On nous bombarde de modèles de beautés professionnelles (Sophie Marceau, Monica Belluci) qui véhiculent exactement le même idéal inaccessible que les mannequins de 25 ans.
La date de péremption recule (40 ans, le nouveau 30 ; 50 est le nouveau 40) mais le sujet reste le même : il faut rester belle.
Le tunnel de la comédienne de 50 ans
Karine Viard, Mathilde Seigner, Valeria Bruni-Tedeschi et Charlotte Gainsbourg : 4 de mes actrices préférées
L’invisibilité des femmes de plus de 50 ans est particulièrement criante dans le cinéma.
Si, en France, une femme majeure sur 2 a plus de 50 ans, c’est très loin d’être le cas dans les fictions. Sur l’ensemble des films français sortis en 2021, seuls 7% des rôles étaient attribués à des actrices de 50 ans et plus. Ce chiffre était de 16% pour les hommes de plus de 50 ans, soit plus du double.
A part de rares exceptions comme Catherine Deneuve, Isabelle Huppert ou Fanny Ardant, passé 50 ans, la plupart des comédiennes sortent du game.
Restent les rôles de grand-mère ou la chirurgie esthétique.

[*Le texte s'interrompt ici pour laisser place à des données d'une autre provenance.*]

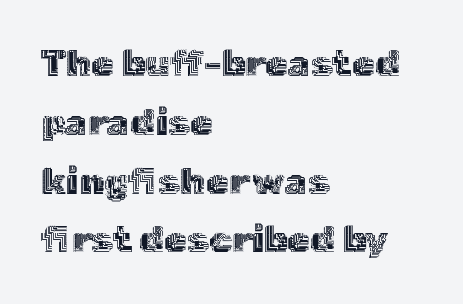
The image shows 37 px text type, upright; set left-aligned, normal line spacing (1.59x), normal letter spacing, not underlined; a medium x-height.
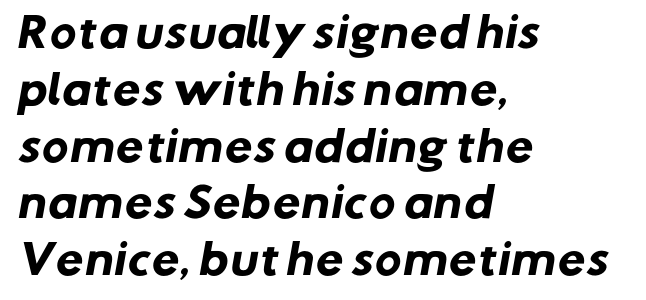
Regarding leading, the lines here are spaced in the standard way. You'd pick this weight for a headline — it's a proper bold. No word sits above an underline. You can tell from the bare stems that sans-serif type was used. Note the varied advance widths — an 'i' is clearly narrower than an 'm'.
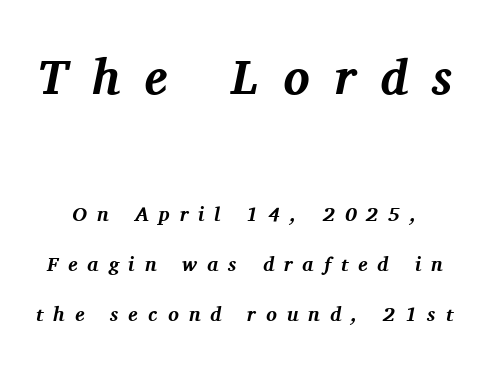
The image shows 49 px bold serif type, italic (leaning right); set loose line spacing (2.5x), unusually wide letter spacing (+0.5 em), not underlined; the first (top) block is 2.45x larger; medium stroke contrast and a medium x-height.
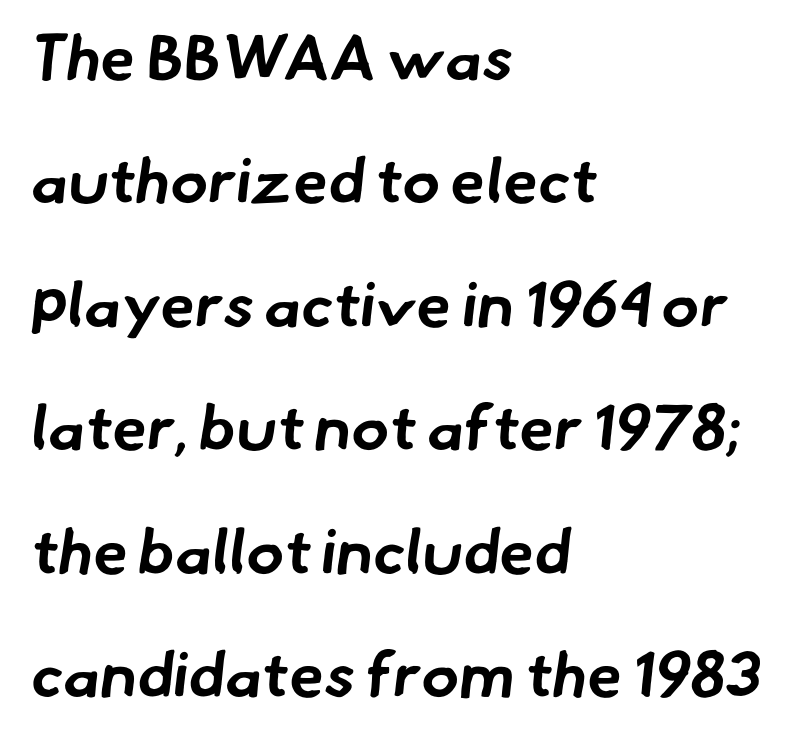
The image shows 63 px bold sans-serif type; set left-aligned, loose line spacing (1.96x), normal letter spacing, not underlined; low stroke contrast and a small x-height.

Marina Tomé, actrice française à l’origine de la commission AAFA-Tunnel de la comédienne de 50 ans s’exprime sans optimisme sur ce sujet : « C’est quoi, le problème à 50 ans ? Le problème, c’est la ménopause… Les films construisent un imaginaire collectif. On est en train de reproduire des clichés archaïques en racontant au public qu’une femme, ça sert à procréer. Voilà où on en est encore en 2022 dans nos fictions. » Elle qualifie le rejet des femmes de plus de 50 ans de « ménopause sociale » : les femmes ne sont utiles que dans leur rôle sexuel et désirable.
Pour Catherine Piffaretti, une autre actrice française ; le combat contre l’invisibilisation des actrices de plus de 50 ans concerne toutes les femmes, quelque soit leur âge et leur métier. Si ces actrices disparaissent des écrans, alors les femmes de plus de 50 ans disparaissent de l’inconscient collectif. C’est une double violence, âgiste et sexiste.

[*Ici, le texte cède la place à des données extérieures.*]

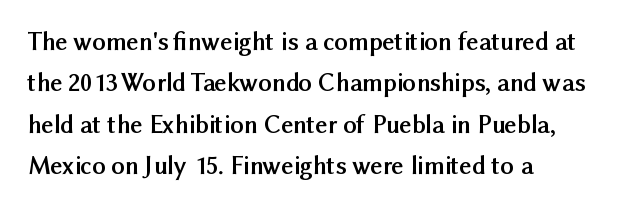
Descenders are the only things crossing below the line. Honestly, the row spacing looks completely unremarkable. The font is running at its bold setting. Inter-character spacing is left at the font's built-in metrics. Vertical strokes here are truly vertical.
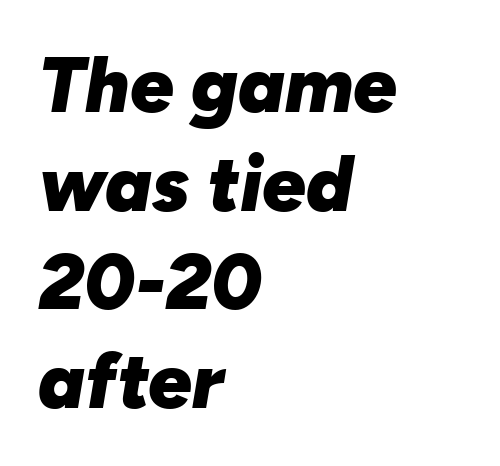
The lines sit at an ordinary, default distance from one another. Spacing verdict: proportional, widths tailored to each character. Caption: bold face, heavy strokes. Casual observation: everything's shoved over to the left. The rendering applies a slant to the glyphs.

A petits pas vers le changement ?
Shooting #OVER40 avec la talentueuse Ema Martins
Chez Pomm’Poire, depuis plusieurs années nous mettons un point d’honneur à représenter toutes les morphos au travers de nos campagnes. En revanche, jusqu’à présent nous n’avons pratiquement pas eu de modèle de plus de 40 ans. Le tabou de l’âge est-il plus tenace que celui de la minceur ?

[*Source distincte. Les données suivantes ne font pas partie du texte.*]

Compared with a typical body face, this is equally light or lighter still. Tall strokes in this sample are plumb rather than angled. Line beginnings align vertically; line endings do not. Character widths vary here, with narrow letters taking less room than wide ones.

Quand je réfléchis à intégrer une nana plus mûre dans nos shootings, les questions qui me viennent spontanément sont assez brutales :
- Est-ce qu’une femme, quel que soit son âge, a envie qu’on lui présente un ensemble de lingerie sur une quinqua ?
- Est-ce qu’elle va se projeter ?
- Préfère-t-elle voir le produit sur un corps plus jeune ?
De la même manière, dans le cinéma :
- Est-ce qu’on a envie de voir une femme de plus de 50 ans dans une comédie romantique ?
- Est-ce qu’une scène de sexe avec une quinqua nous émoustillerait autant qu’avec une beauté de 20 ?
N’est-ce pas le rôle de la mode et du cinéma de nous faire rêver ? De nous permettre de nous évader de la réalité ?
La question est peut-être là finalement. Le public, y compris le public féminin, est-il prêt à faire de la place aux femmes de 50 ans dans la mode et le cinéma dans les mêmes proportions que dans la société ?
Je n’ai pas de réponse mais j’ai envie de croire que les lignes bougent doucement.
Pour faire sortir les femmes de plus de 40 ou 50 ans du placard, c’est l’ensemble des mentalités qu’il faut changer. C’est la perception globale que la société a des femmes de plus de 40 ou 50 ans qu’il faut changer. A commencer par celle des principales concernées d’ailleurs !
Quelques marques de cosmétiques et de prêt-à-porter commencent à mixer les modèles de différents âges. C’est sans doute le bon chemin.
En tout cas c’est celui que nous avons décidé d’emprunter avec Pomm’Poire.
Il est temps que la mode reflète non seulement la diversité des morphologies mais aussi la diversités des âges et des expériences.